EXERCISE DESCRIPTION:
An exact, picture-free copy of the listing is required.

(DATA LISTING Opens)

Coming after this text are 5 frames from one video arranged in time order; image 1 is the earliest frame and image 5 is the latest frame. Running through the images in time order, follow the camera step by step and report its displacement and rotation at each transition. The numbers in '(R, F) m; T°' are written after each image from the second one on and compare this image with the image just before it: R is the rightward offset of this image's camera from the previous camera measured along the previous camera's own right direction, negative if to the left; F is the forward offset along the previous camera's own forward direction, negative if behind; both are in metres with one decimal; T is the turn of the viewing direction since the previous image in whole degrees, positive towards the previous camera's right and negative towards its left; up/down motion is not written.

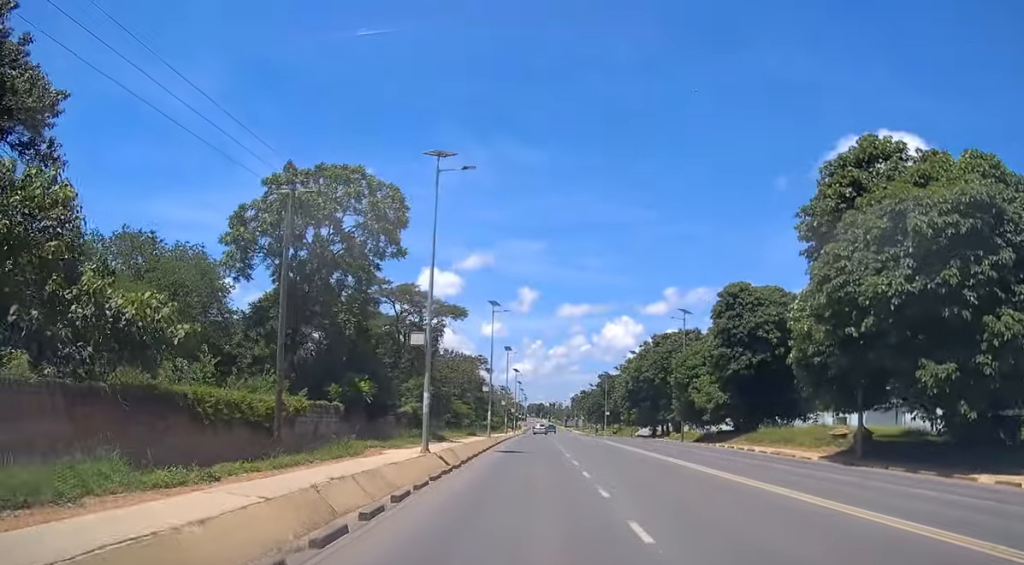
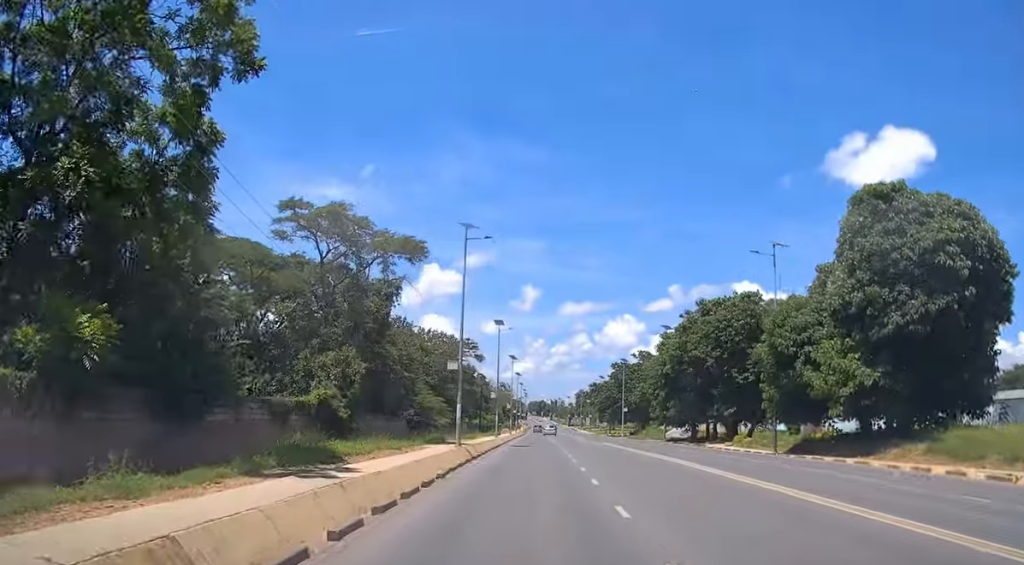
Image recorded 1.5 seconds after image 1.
(0.0, +25.6) m; 0°
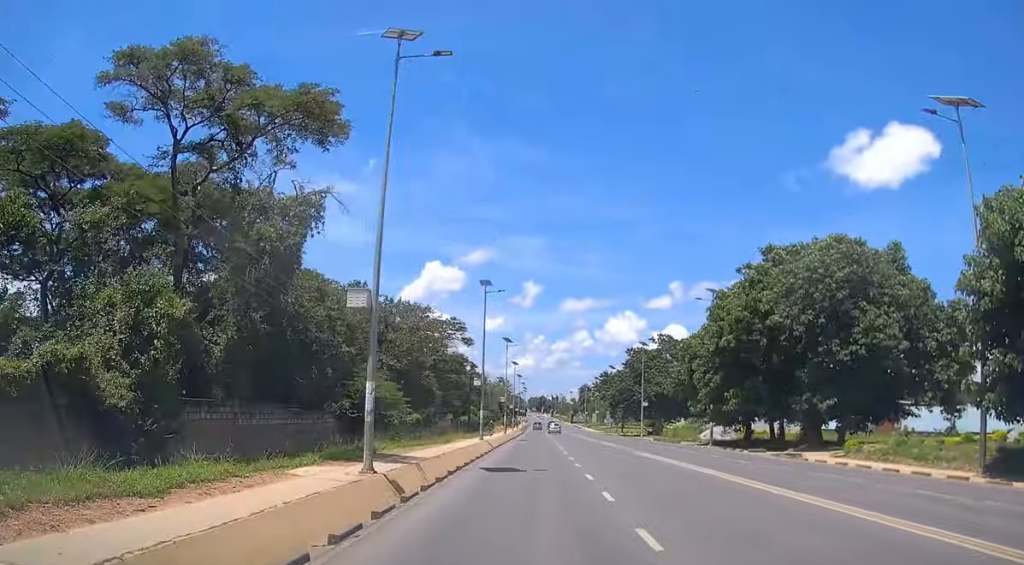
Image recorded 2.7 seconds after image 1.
(0.0, +20.3) m; 0°
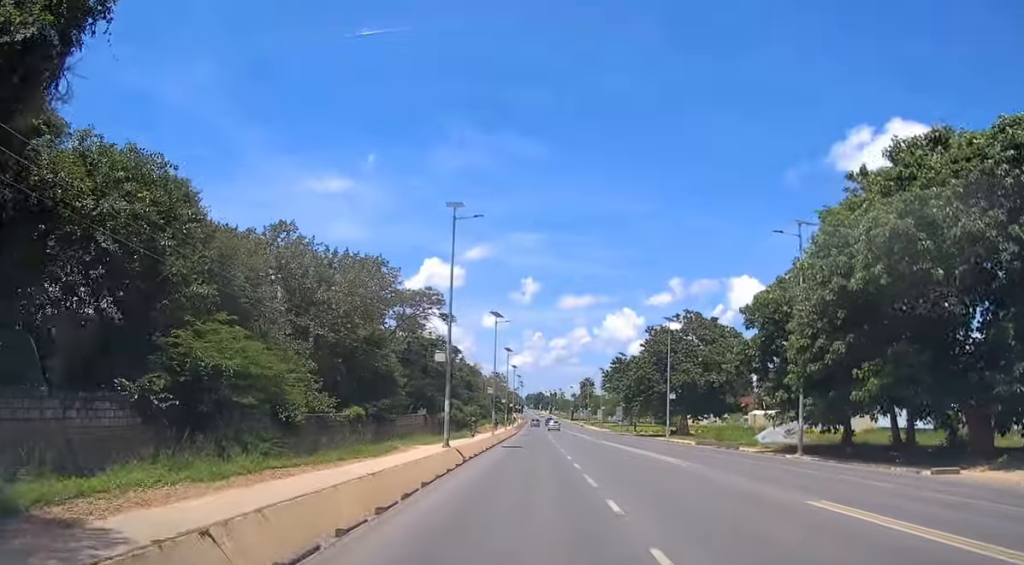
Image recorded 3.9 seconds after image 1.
(0.0, +19.7) m; 0°
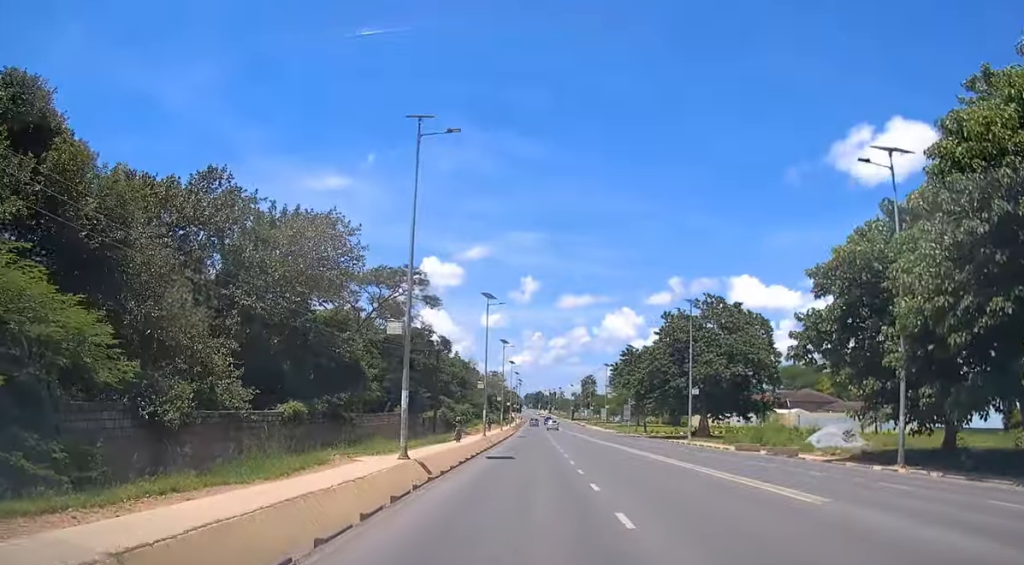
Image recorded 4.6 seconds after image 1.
(0.0, +10.8) m; 0°

(DATA LISTING Closes)

RESULT OF THIS TASK:
Coming after this text are 5 frames from one video arranged in time order; image 1 is the earliest frame and image 5 is the latest frame. Running through the images in time order, follow the camera step by step and report its displacement and rotation at each transition. The numbers in '(R, F) m; T°' are written after each image from the second one on and compare this image with the image just before it: R is the rightward offset of this image's camera from the previous camera measured along the previous camera's own right direction, negative if to the left; F is the forward offset along the previous camera's own forward direction, negative if behind; both are in metres with one decimal; T is the turn of the viewing direction since the previous image in whole degrees, positive towards the previous camera's right and negative towards its left; up/down motion is not written.

Image recorded 1.5 seconds after image 1.
(0.0, +25.6) m; 0°
Image recorded 2.7 seconds after image 1.
(0.0, +20.3) m; 0°
Image recorded 3.9 seconds after image 1.
(0.0, +19.7) m; 0°
Image recorded 4.6 seconds after image 1.
(0.0, +10.8) m; 0°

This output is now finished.